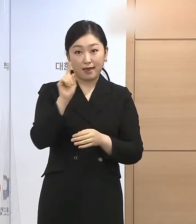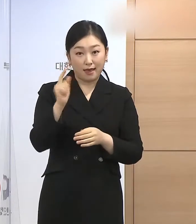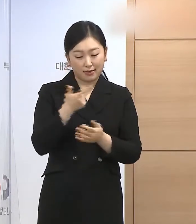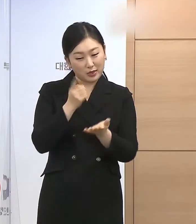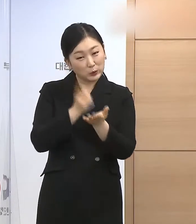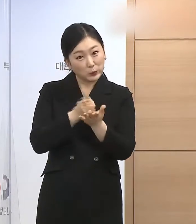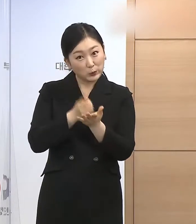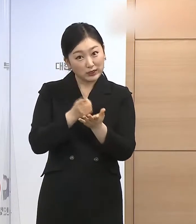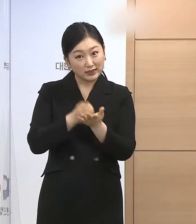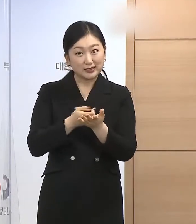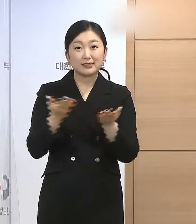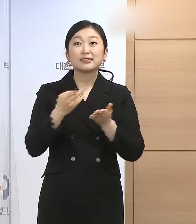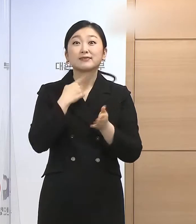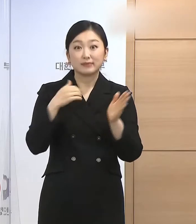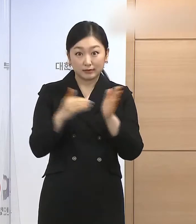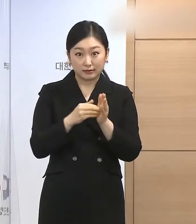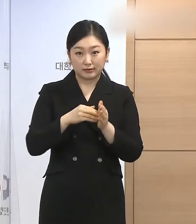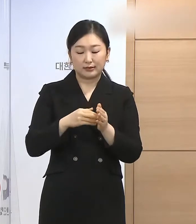복권합니다.
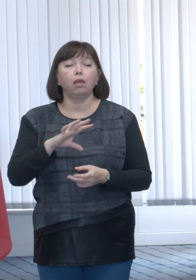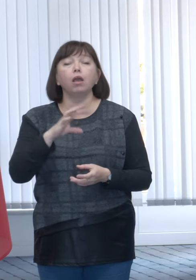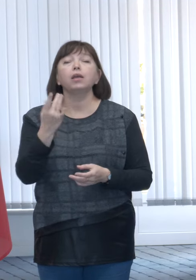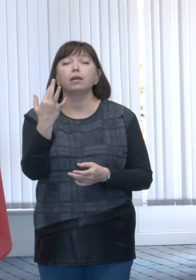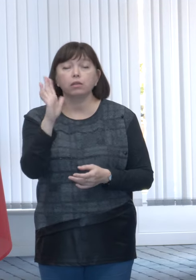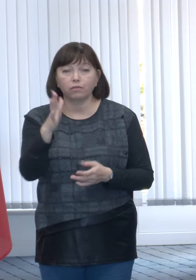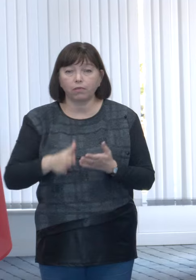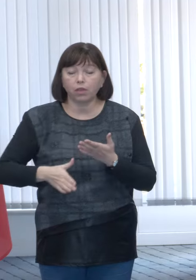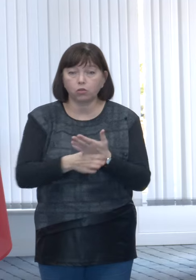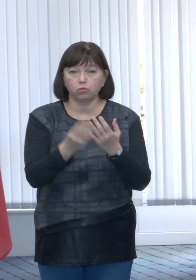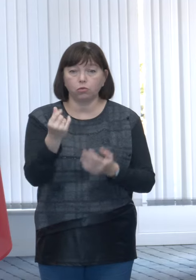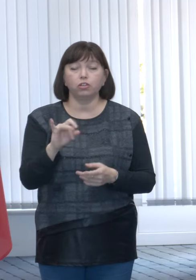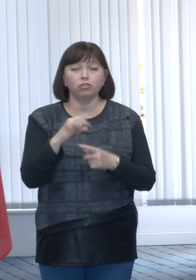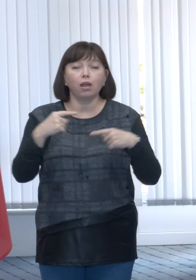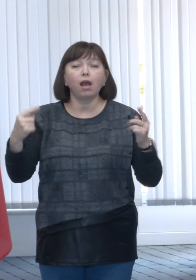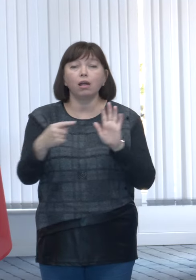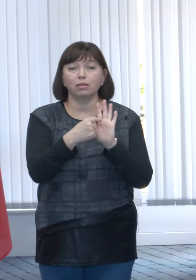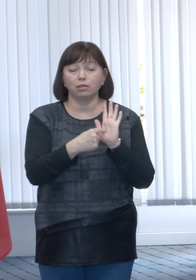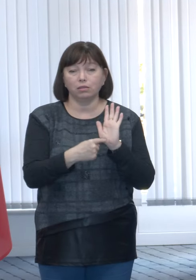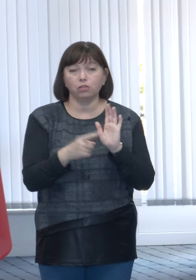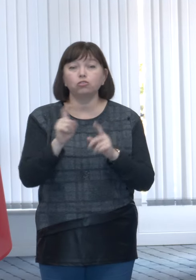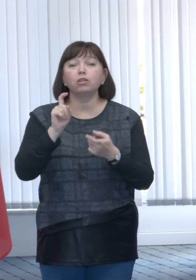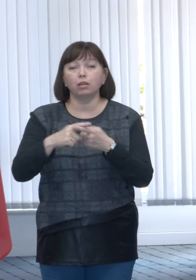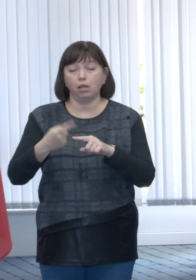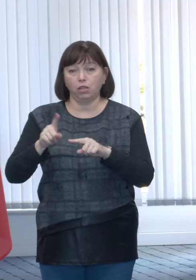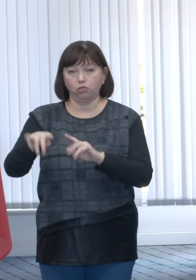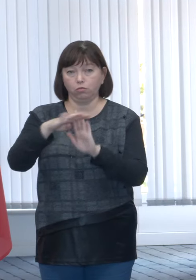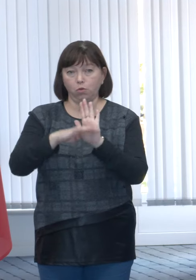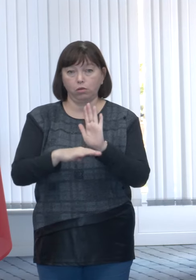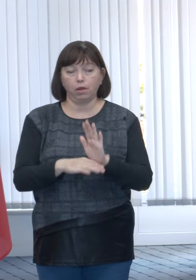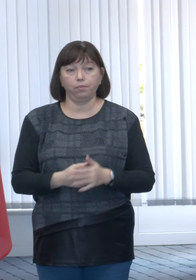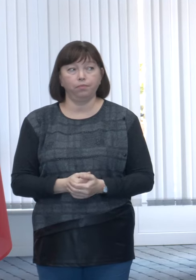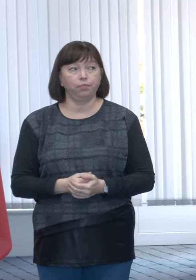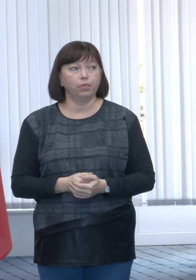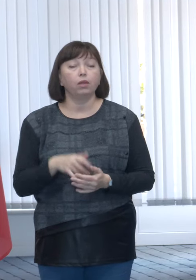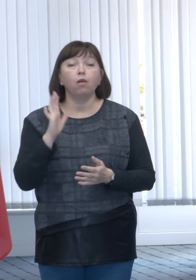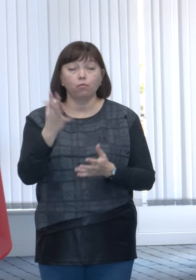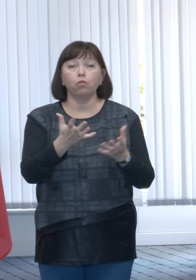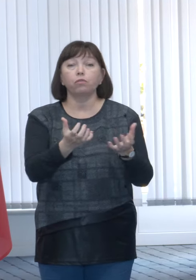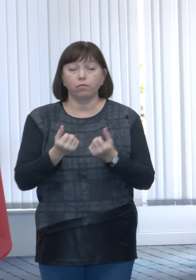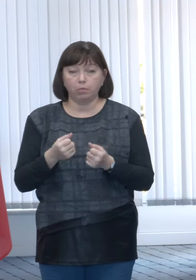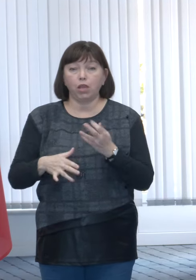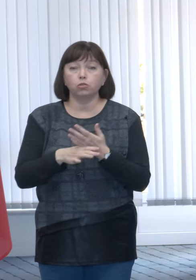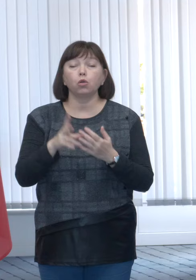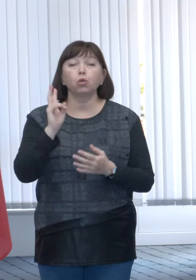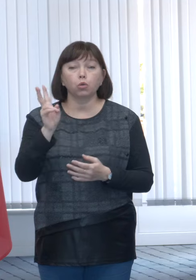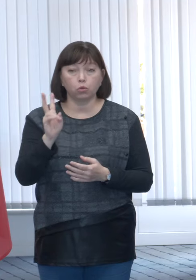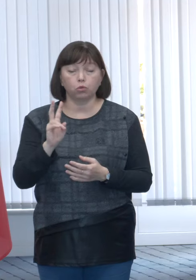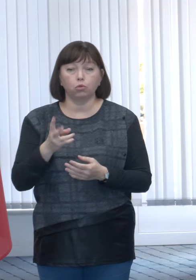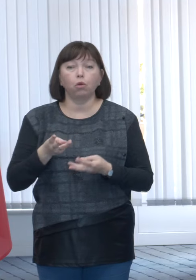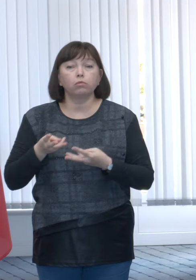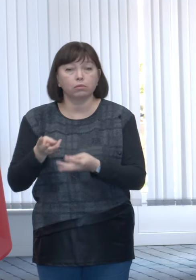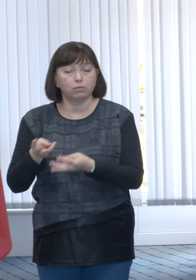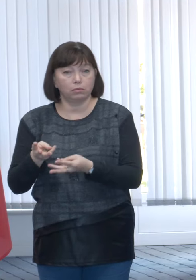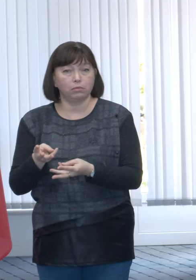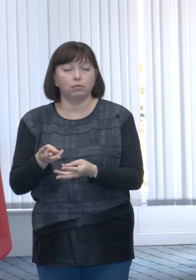compensației și despre alte aspecte tehnice legate de acest program. Dar vor primi ajutor pe oricei gândesc lucrurințele cu
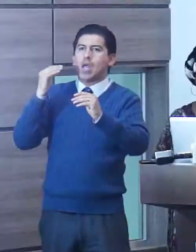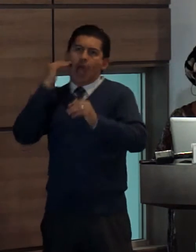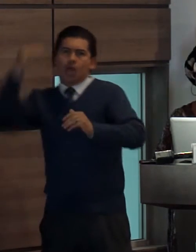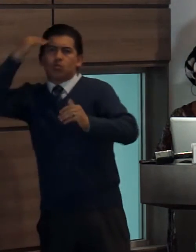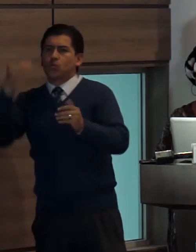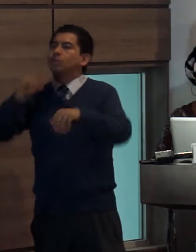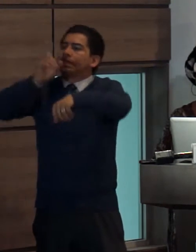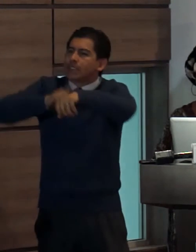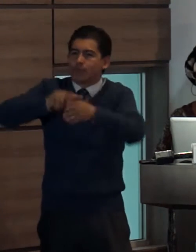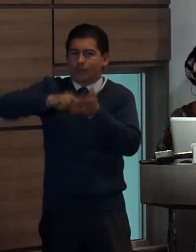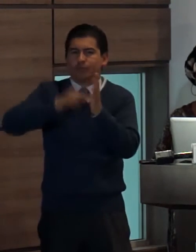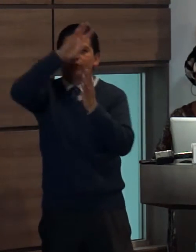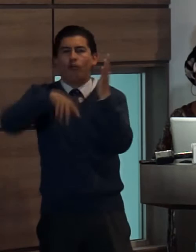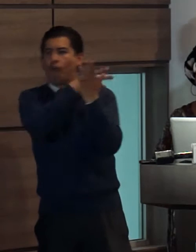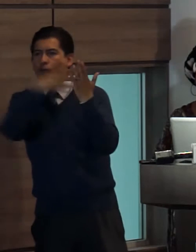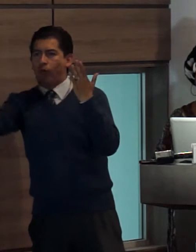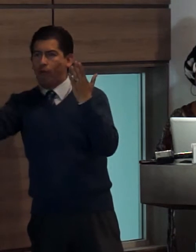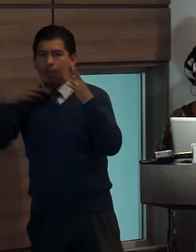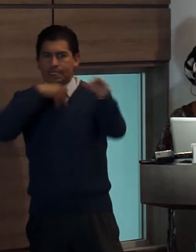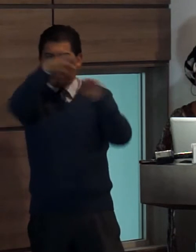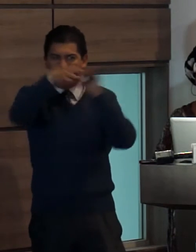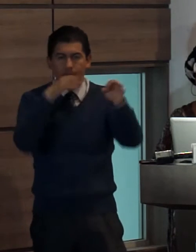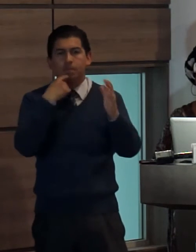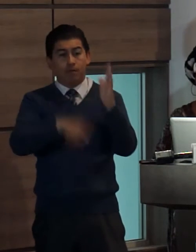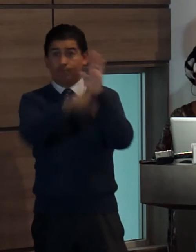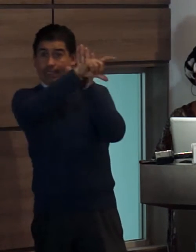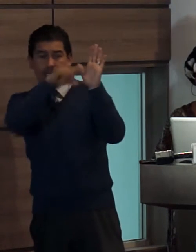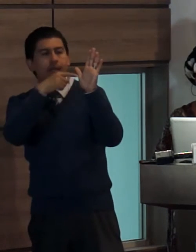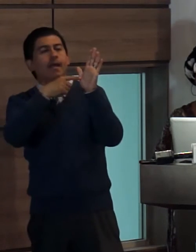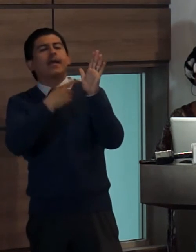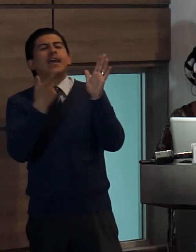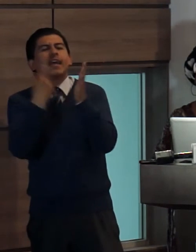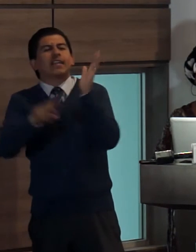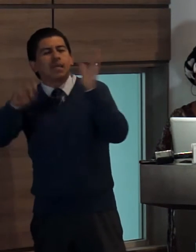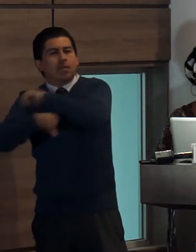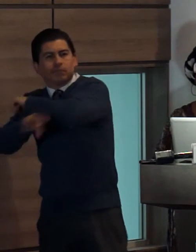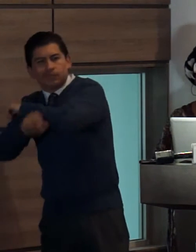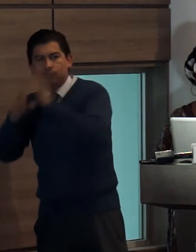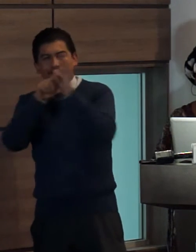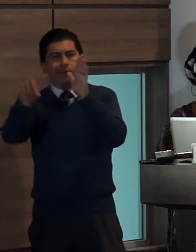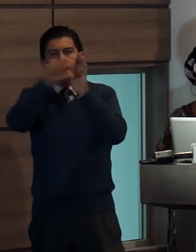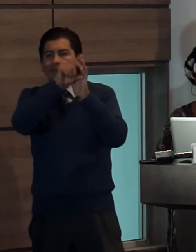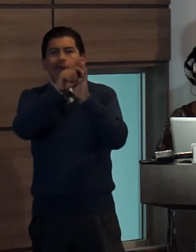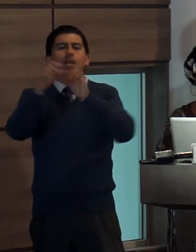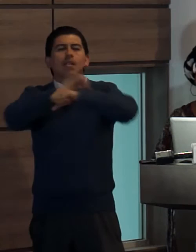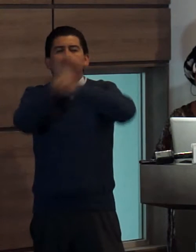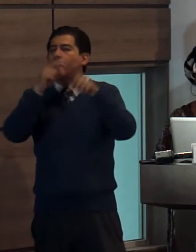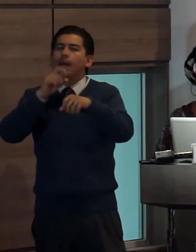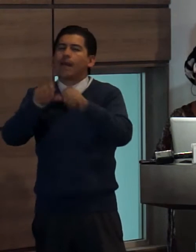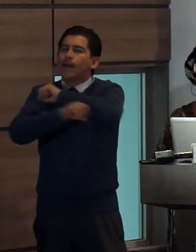incluidos los publicitarios que se difunden en los medios de comunicación social este reglamento
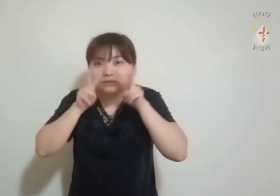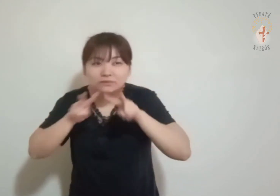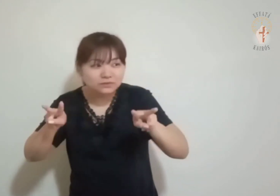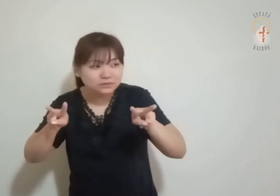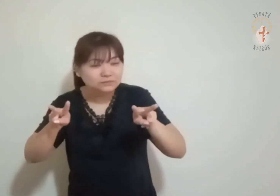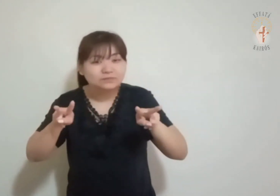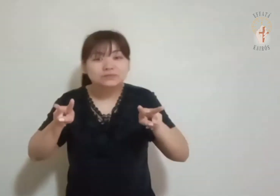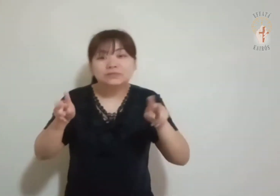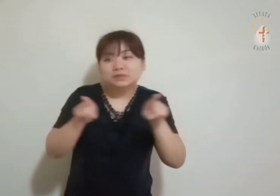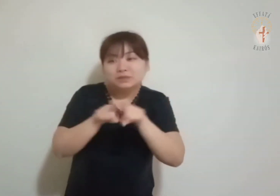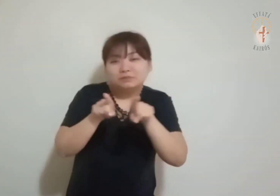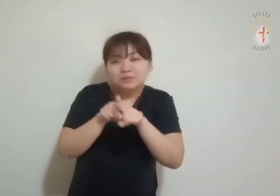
########################################
• Task brief:
Set down the entire material verbatim, with each picture left out.

• Solution for this problem:
복권합니다.
compensației și despre alte aspecte tehnice legate de acest program. Dar vor primi ajutor pe oricei gândesc lucrurințele cu
incluidos los publicitarios que se difunden en los medios de comunicación social este reglamento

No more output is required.